No Ukraine: Putin's Eurasian Union Reveals Limits to Russia's Strength
When the leaders of Russia, Kazakhstan and Belarus announced Thursday that they had finalized the Eurasian Union, a new trade bloc linking the three countries, Russian president Vladimir Putin described the deal in grand terms: "Our meeting today of course has a special and, without exaggeration, an epoch-making significance."
What Putin didn't say -- and may not want to admit -- is that the ultimate importance of the bloc may depend on the fate of a country it doesn’t include: Ukraine.
Large in scope, the Eurasian Union brings together three countries with a combined population of 170 million people and a GDP of $2.7 trillion. (By contrast, the European Union’s 28 member states have a combined population of 505 million and a GDP of $16.7 trillion.) Russia and Kazakhstan are also energy rich, together accounting for 15 percent of global oil reserves as well as significant amounts of natural gas. The trade bloc -- alongside a separate Russian agreement to ship 38 billion cubic meters of natural gas to China beginning in 2018 -- represents a shift in economic strategy for the country: in effect, Russia’s pivot to Asia.
Although the Eurasian Union draws its origins from Kazakhstan -- it was first proposed by the the country’s president-for-life Nursultan Nazarbayev in a 1994 speech -- the bloc has emerged as a central part of Vladimir Putin’s plan to keep ex-Soviet states within Russia’s sphere of influence. This approach has occasionally sparked conflict; not least in Ukraine, where the collapse of a pro-Russian regime this February led Moscow to forcibly annex Crimea in April.
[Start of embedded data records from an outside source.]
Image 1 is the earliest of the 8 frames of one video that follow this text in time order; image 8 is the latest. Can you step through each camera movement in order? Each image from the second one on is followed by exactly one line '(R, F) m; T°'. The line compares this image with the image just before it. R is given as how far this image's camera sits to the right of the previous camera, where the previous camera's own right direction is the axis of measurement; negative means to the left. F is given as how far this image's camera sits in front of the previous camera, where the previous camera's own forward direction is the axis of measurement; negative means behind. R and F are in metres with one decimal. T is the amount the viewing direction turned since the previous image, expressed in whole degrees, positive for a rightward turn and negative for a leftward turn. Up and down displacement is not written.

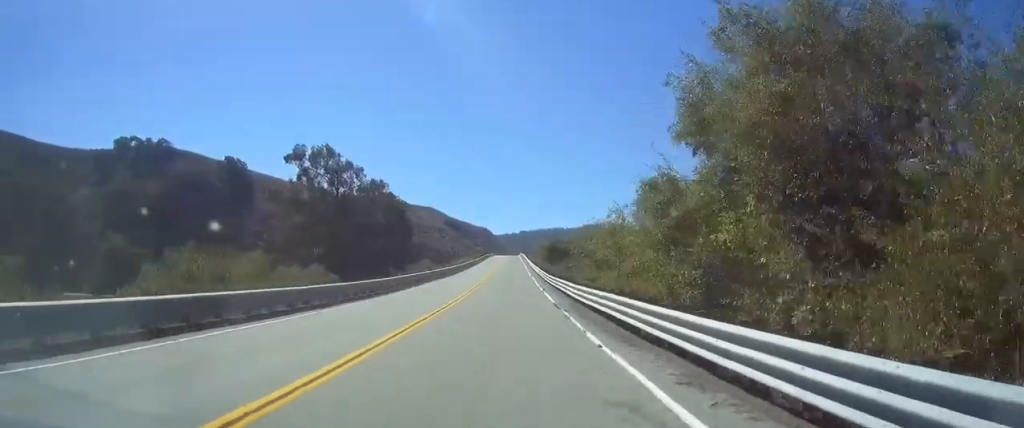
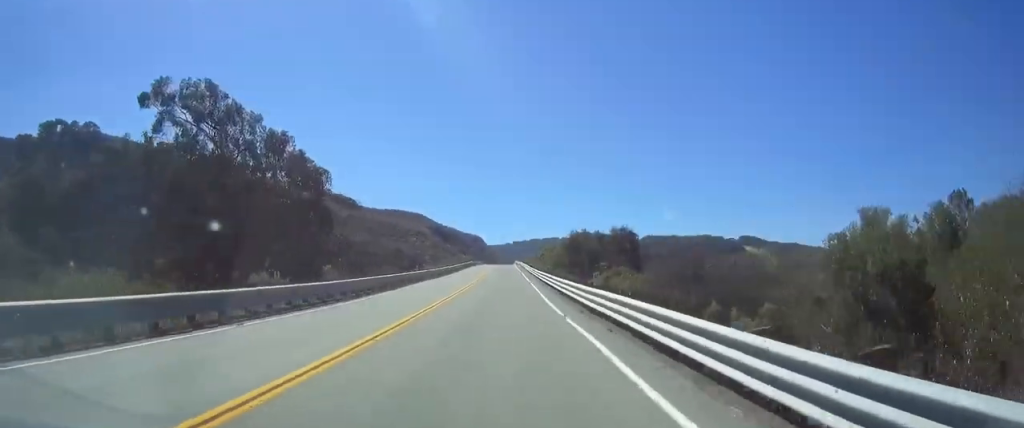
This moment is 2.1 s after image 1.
(+0.5, +46.6) m; +1°
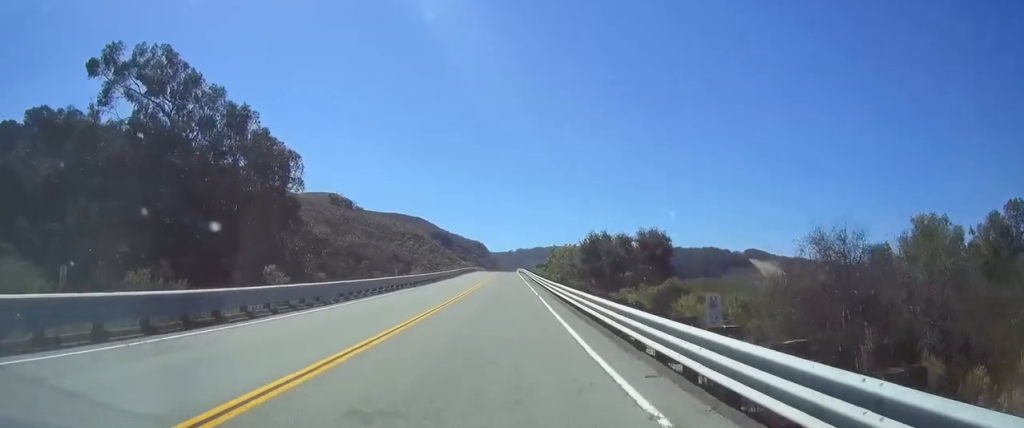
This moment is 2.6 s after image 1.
(-0.1, +12.1) m; 0°
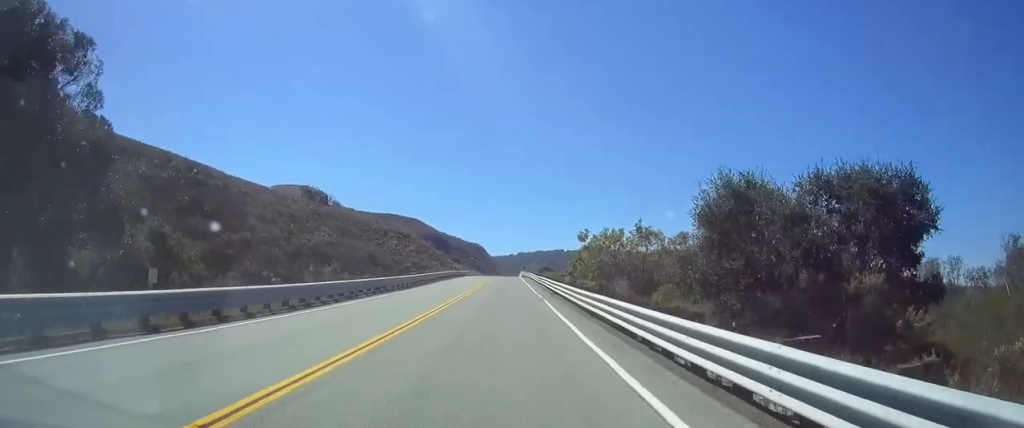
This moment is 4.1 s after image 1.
(+0.2, +32.8) m; 0°
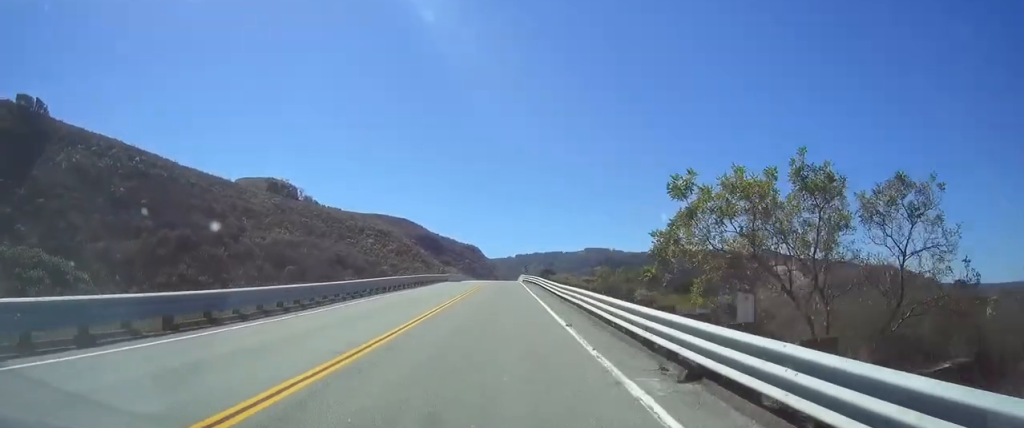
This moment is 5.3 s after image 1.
(0.0, +26.9) m; 0°
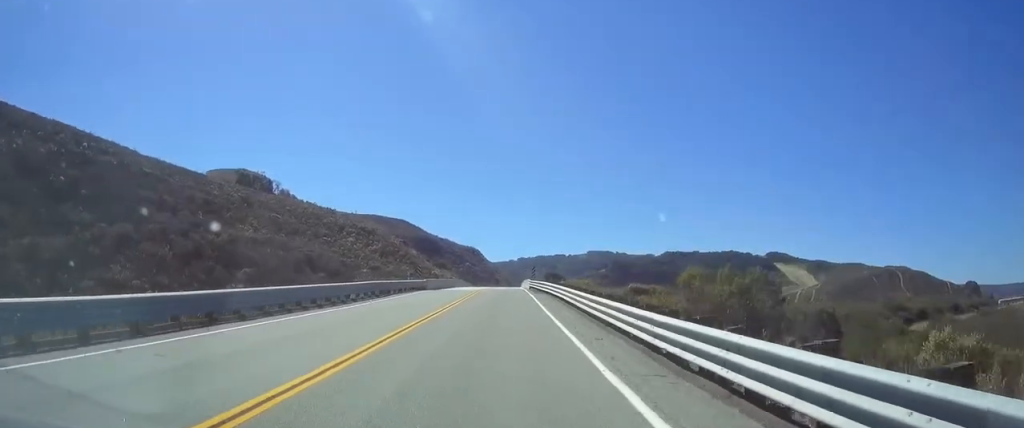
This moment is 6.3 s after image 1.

In 2008, Russia fought a brief war with the Republic of Georgia, where a pro-American regime attempted to seize the Russian enclave of South Ossetia.
Twenty-three years after its dissolution, the Soviet Union continues to hold major symbolic significance for Russia. Putin has often referred to the Soviet collapse as a great tragedy for his country, which then endured a series of painful market reforms during the 1990s.
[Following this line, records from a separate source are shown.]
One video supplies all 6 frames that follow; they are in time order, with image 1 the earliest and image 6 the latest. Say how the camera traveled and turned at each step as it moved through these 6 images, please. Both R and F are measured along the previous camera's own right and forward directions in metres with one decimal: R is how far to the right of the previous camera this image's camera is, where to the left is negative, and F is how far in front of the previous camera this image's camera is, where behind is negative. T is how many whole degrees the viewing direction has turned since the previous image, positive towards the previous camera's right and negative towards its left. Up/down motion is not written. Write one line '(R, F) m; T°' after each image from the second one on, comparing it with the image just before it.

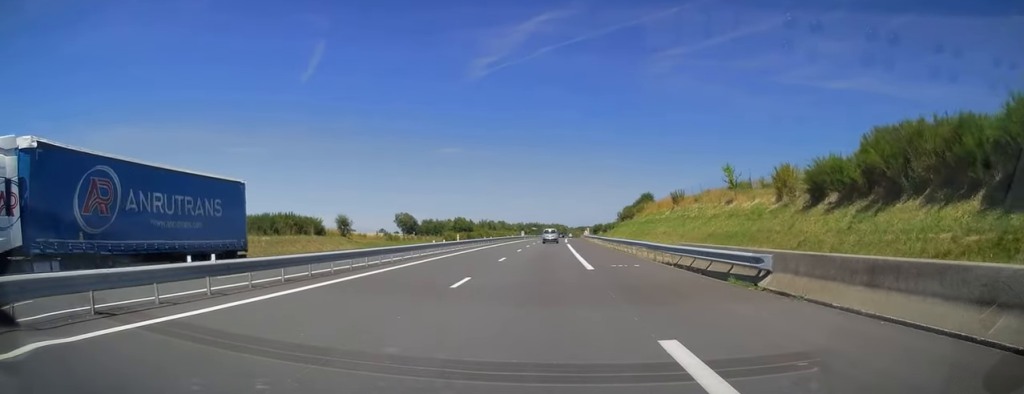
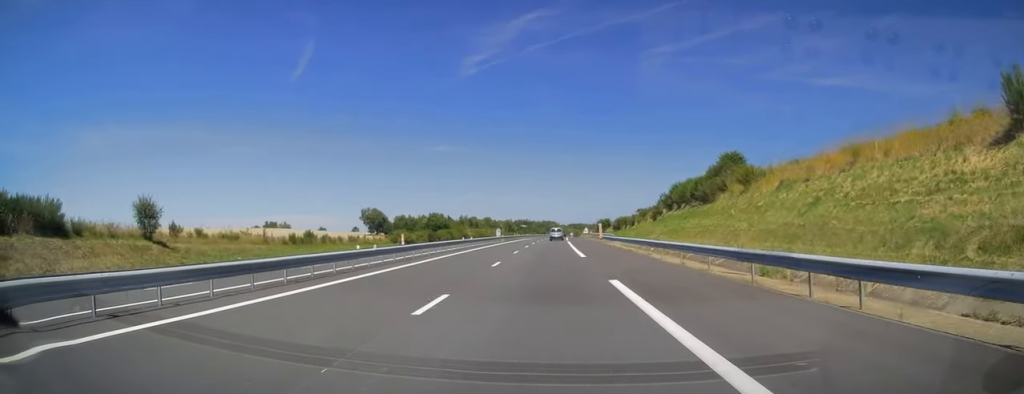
(0.0, +44.0) m; 0°
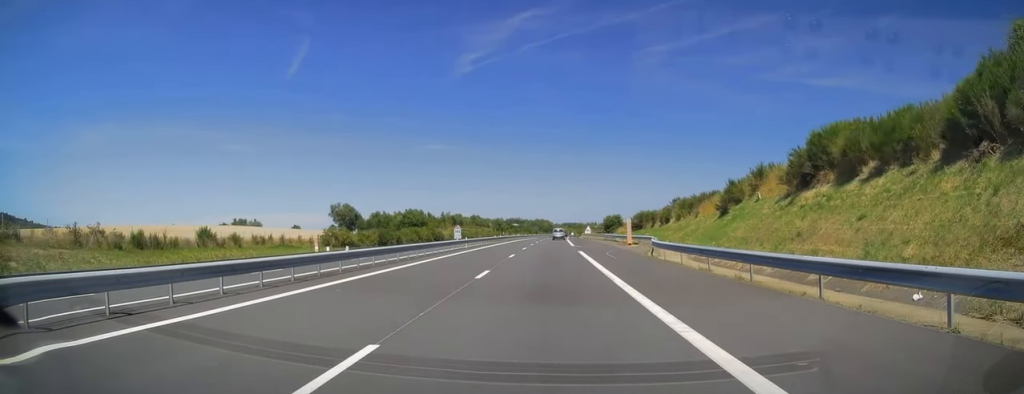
(+0.2, +31.7) m; +1°
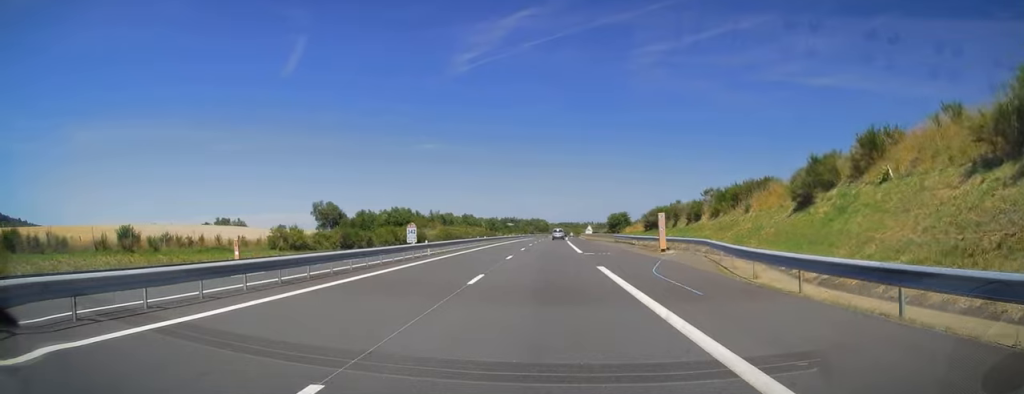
(+0.1, +14.8) m; 0°
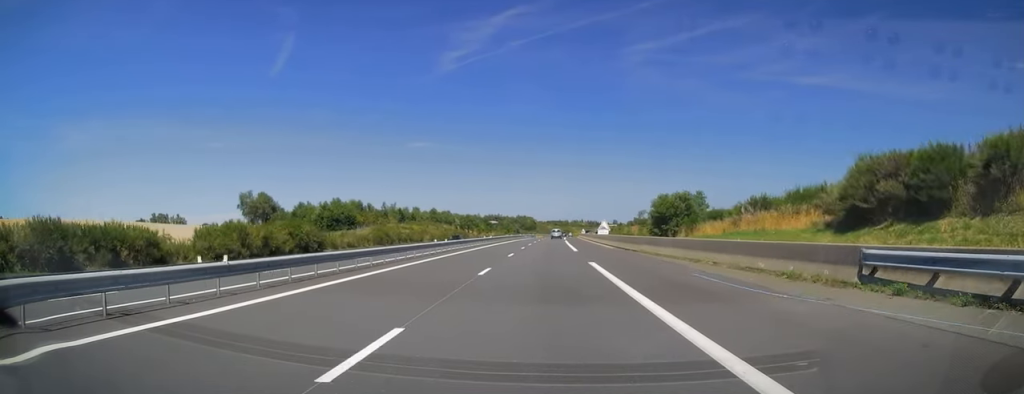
(+0.4, +49.0) m; +1°
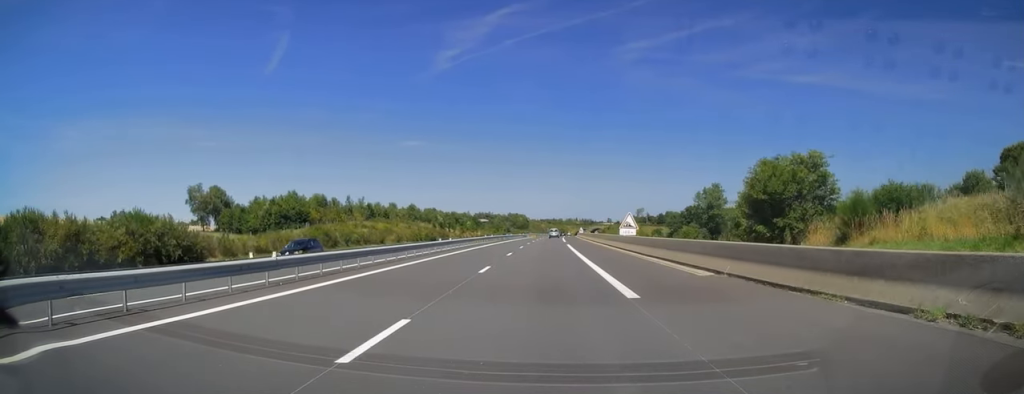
(+0.1, +25.3) m; 0°

Does the Eurasian Union represent Putin’s effort to restore Russia’s past glory? Hillary Clinton thinks so. In a speech in March, the former U.S. secretary of state said that Putin’s “political vision is of greater Russia,” and that his goal is to “re-Sovietize Russia’s periphery.”
Whether or not Putin succeeds in realizing this vision, the Eurasian Union marks a significant step. Armenia and Kyrgyzstan, who attended the deal’s signing as observers, have signaled their intention to join. But the absence of Ukraine -- whose population of 55 million makes it the second-largest ex-Soviet state, after Russia itself -- represents the limit of Putin’s approach. Although the country’s new president, billionaire Petro Poroshenko, has sworn to improve relations with Moscow, Ukraine is not likely to join a Russian-led economic union.
Even the two countries who reached the agreement with Russia -- Kazakhstan and Belarus -- have expressed some unease with their new partner. Kazakhstan flatly refused to consider political union, saying in March that it “could not be in a union with an occupying state,” while Belarus’ Alexander Lukashenko, who has governed his country since independence, noted his disappointment at Ukraine’s absence from the union and accused Russia of setting “a bad precedent” in its annexation of Crimea.